By Samuel James Finch | Staff Writer
For Paul Jones, graduating from Riverside City College in May with conditional acceptance to Cal State San Bernardino is a light at the end of a long, winding tunnel.
Jones, now 51, had a troubled start in Akron, Ohio.
Born into a dysfunctional household, he suffered abuse and neglect, the toll of which drove him to first experiment with alcohol at the age of 11.
After struggling to graduate high school, Jones enlisted in the Navy at the age of 17 to leave Ohio behind, relocating to California.
His two years in the service, however, did not help his budding alcoholism.
“Drinking and going to other countries is a right of passage, so it was an excuse to drink,” Jones said. “It wasn’t frowned upon – it was encouraged.”
When he was discharged in 1982, Jones decided to remain in California, despite not knowing anyone in the area.
“I’ve never wrote home, I’ve never called home,” he said. “I know nothing about my immediate family … I don’t know who’s alive and who’s deceased.”
Homeless in Los Angeles, Jones’ drinking and ongoing battles with severe depression and PTSD worsened.

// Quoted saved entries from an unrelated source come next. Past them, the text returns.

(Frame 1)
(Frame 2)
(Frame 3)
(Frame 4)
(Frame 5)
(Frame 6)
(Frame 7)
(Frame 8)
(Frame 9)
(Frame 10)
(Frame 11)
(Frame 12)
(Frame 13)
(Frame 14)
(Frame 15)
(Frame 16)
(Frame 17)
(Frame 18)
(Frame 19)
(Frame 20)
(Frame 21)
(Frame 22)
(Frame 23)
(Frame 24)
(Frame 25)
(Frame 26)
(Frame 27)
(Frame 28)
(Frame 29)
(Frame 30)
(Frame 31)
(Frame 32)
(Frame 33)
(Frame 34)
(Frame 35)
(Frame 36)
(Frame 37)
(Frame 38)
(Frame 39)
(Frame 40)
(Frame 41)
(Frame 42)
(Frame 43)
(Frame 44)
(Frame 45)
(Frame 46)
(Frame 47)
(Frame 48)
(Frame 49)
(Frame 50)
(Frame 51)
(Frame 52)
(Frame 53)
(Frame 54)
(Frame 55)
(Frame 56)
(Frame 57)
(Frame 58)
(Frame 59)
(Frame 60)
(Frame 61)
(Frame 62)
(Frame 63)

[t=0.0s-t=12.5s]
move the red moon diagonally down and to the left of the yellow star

This cycle eventually led to intravenous drug use. His involvement with methamphetamine soon put him on the radar of law enforcement.

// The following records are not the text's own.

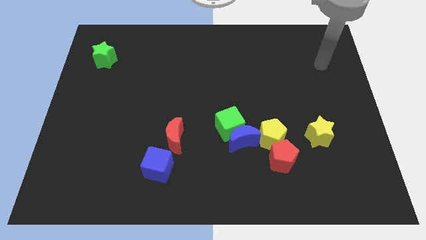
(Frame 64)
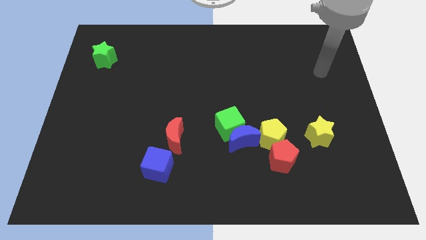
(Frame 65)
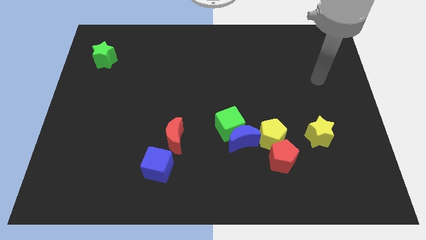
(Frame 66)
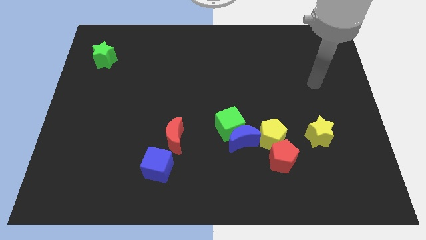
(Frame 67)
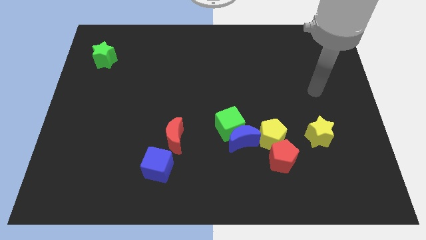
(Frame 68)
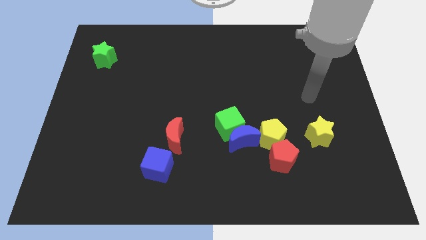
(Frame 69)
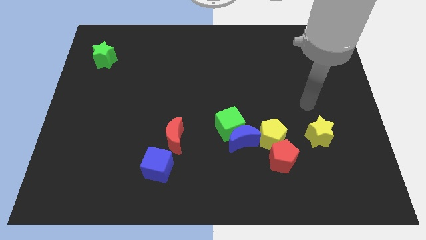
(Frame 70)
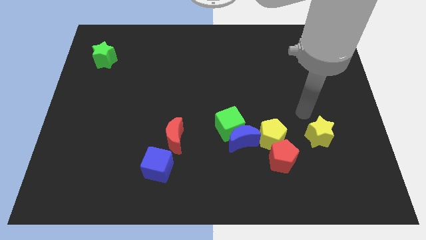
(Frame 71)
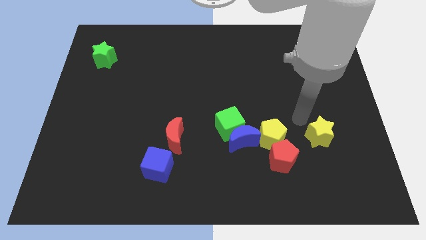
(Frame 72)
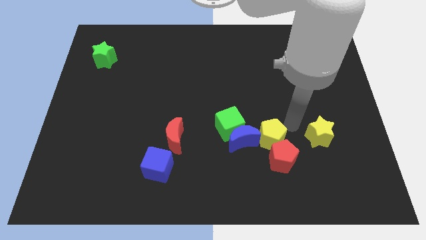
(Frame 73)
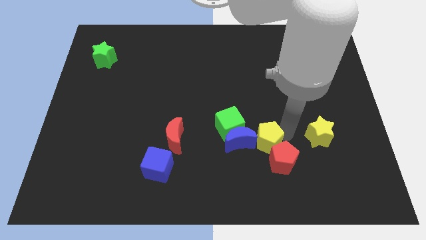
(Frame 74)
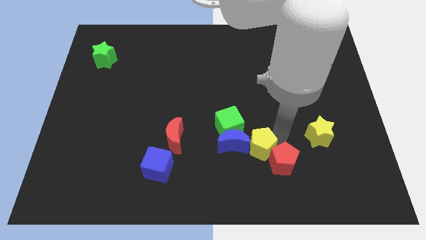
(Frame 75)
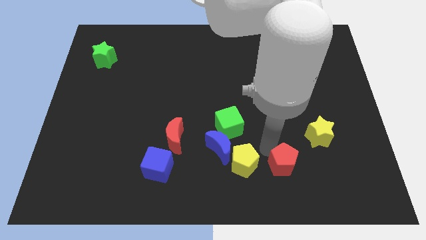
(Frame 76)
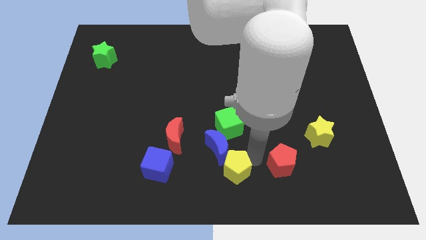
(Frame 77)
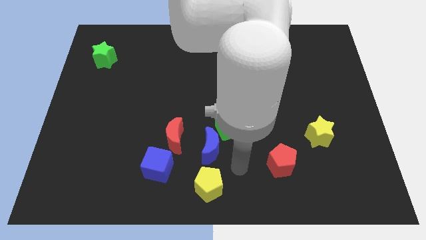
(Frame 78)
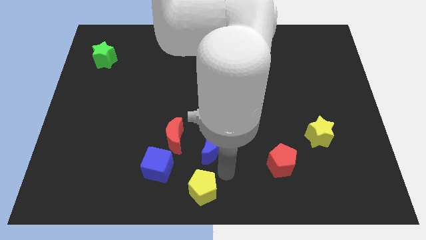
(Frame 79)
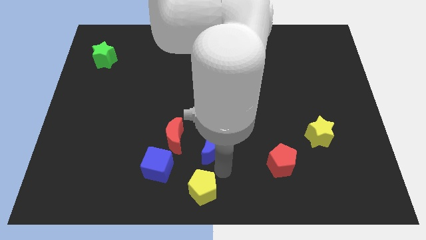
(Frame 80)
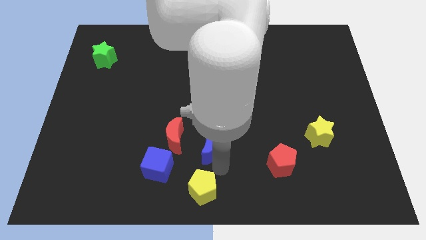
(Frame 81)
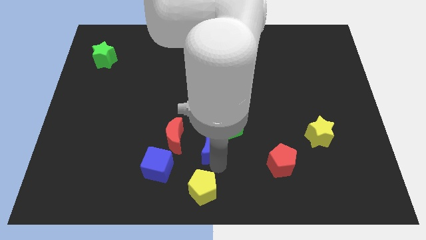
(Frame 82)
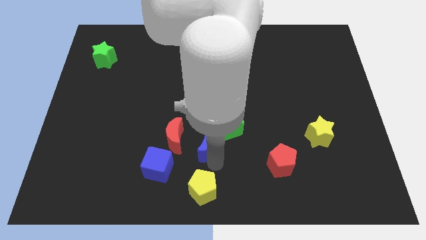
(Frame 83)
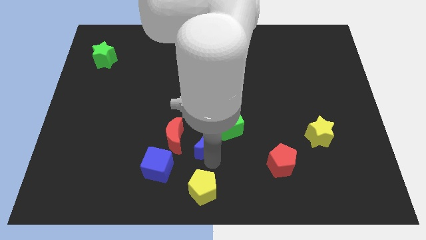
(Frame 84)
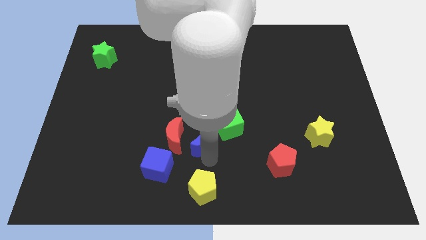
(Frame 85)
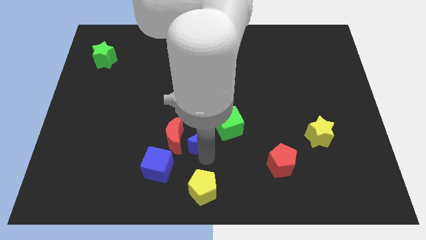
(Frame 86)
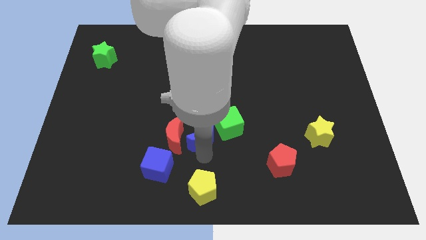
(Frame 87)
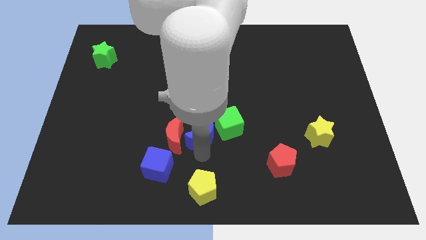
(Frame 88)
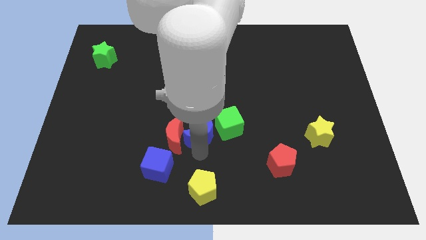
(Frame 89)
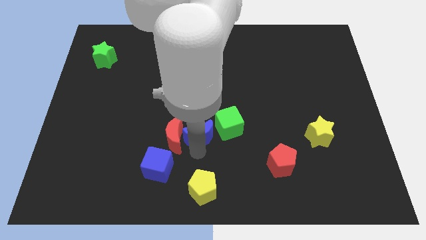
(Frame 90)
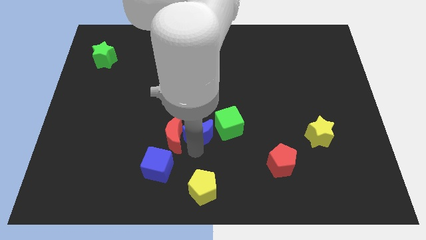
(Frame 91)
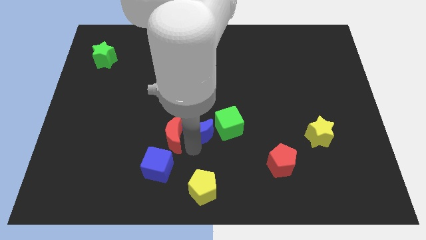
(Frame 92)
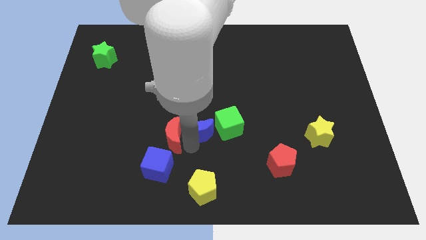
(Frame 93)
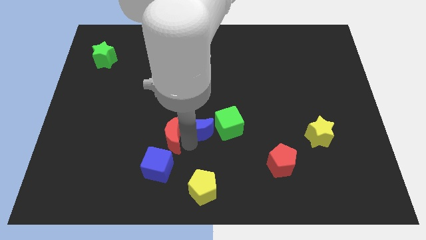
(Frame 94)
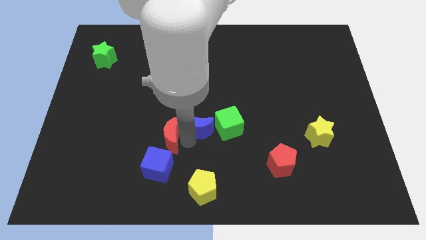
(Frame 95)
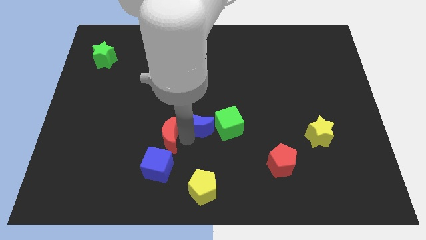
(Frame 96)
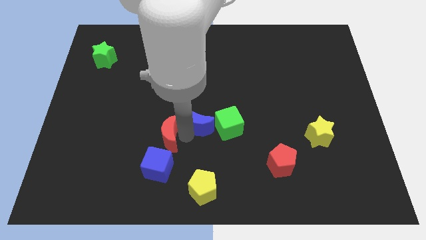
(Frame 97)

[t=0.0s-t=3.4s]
put the blue moon to the top left side of the green cube

Jones first went to prison in 1990, returning on additional drug charges over the following two decades.
Out on parole, Jones found himself dissatisfied.
“I knew there had to be a better way. Yet I knew I didn’t have any tools to get to a better place.”
In 2000, Jones was handed the first of the tools he needed.
“I was on the bus and I saw Rio Hondo Community College and, for some reason, a power greater than myself got me to push the button and walk up the hill,” he said.

Luis Solis / Photo Editor
Jones enrolled and excelled, earning several certificates and being named Drug Studies student of the year.
This first stroll within the halls of academia filled his nostrils with the scent of something greater.
But once again, life took over and Jones ended up back in prison.
The time away from school gave Jones an opportunity to reflect on his intentions.
“The whole thing for me when I started college was a way to obtain money semi-legally,” he said. “When you look at it from a sociological standpoint, it was functional because I was going to college, but innovative because I was doing it for the wrong reasons. I excelled, but I wasn’t done with the life I lived.”
The life he lived had become his reality, the subculture of shopping carts and bridges.
“It’s the only thing I know,” Jones said. “I know nothing else. I have kids I don’t know, I’ve got a granddaughter I’ve only seen one time. Now my youngest daughter, who was born with muscular dystrophy, kind of encouraged me along, to get back into school.”
His youngest daughter, Gabriella, has served as a wellspring of motivation.
All the while Jones has slept in cars, staying with friends when possible.
“She didn’t ask to be born with muscular dystrophy and she deserves the best life that she can get,” he continued. “And in order for her to have that, I need to become somebody, to give her something.”
Though his paternal aspirations to better Gabriella’s life began early, Jones’ personal struggles prompted Child Protective Services to intervene.
“A social worker showed me a better way of life.”
Jones then gathered his transcripts and discovered that he was classes away from earning a degree.
Math was perhaps his greatest challenge, until he learned that he could meet his transfer requirements with two manageable statistic courses at RCC.
He enrolled in the summer of 2012.
“Because of the opportunity that Riverside City College afforded, I am able to progress now,” Jones said. “I’ve been out of prison; I have a clean and sober date of October 18, 2011. That’s the longest I’ve ever been sober in my life.”
Alongside his daughter, Jones attributes his sobriety to education, which provided him an outlet for the emotional pain previously muted by drugs and alcohol.
“School is the best therapy in the world, better than doctors and psychiatrists and psychologists and social workers,” he said. “It’s here that I find out about myself.”
With the freedom found in the classroom, Jones challenged himself to move forward, to build a foundation for a new life, spending time with his daughter on the weekends.
“If you want something bad enough, you can get it,” he said. “You can overcome mental health, you can overcome addiction.”
Through his personal interaction with CPS and the subsequent education he received, Jones decided to study social work in hopes of one day helping others who have had to walk the road he has traversed.
“I’ll have the education, I’ll have the life experience, to help other individuals like myself,” he said. “People who come from a certain walk of life or a certain socioeconomic class have to remain in touch with where they came from.”
With light spilling over the horizon in the form of academic advancement and increasing stability, Jones knows all too well that he will never truly leave the darkness over his shoulder.
“I don’t ever want to forget being homeless and bridges and shopping carts.”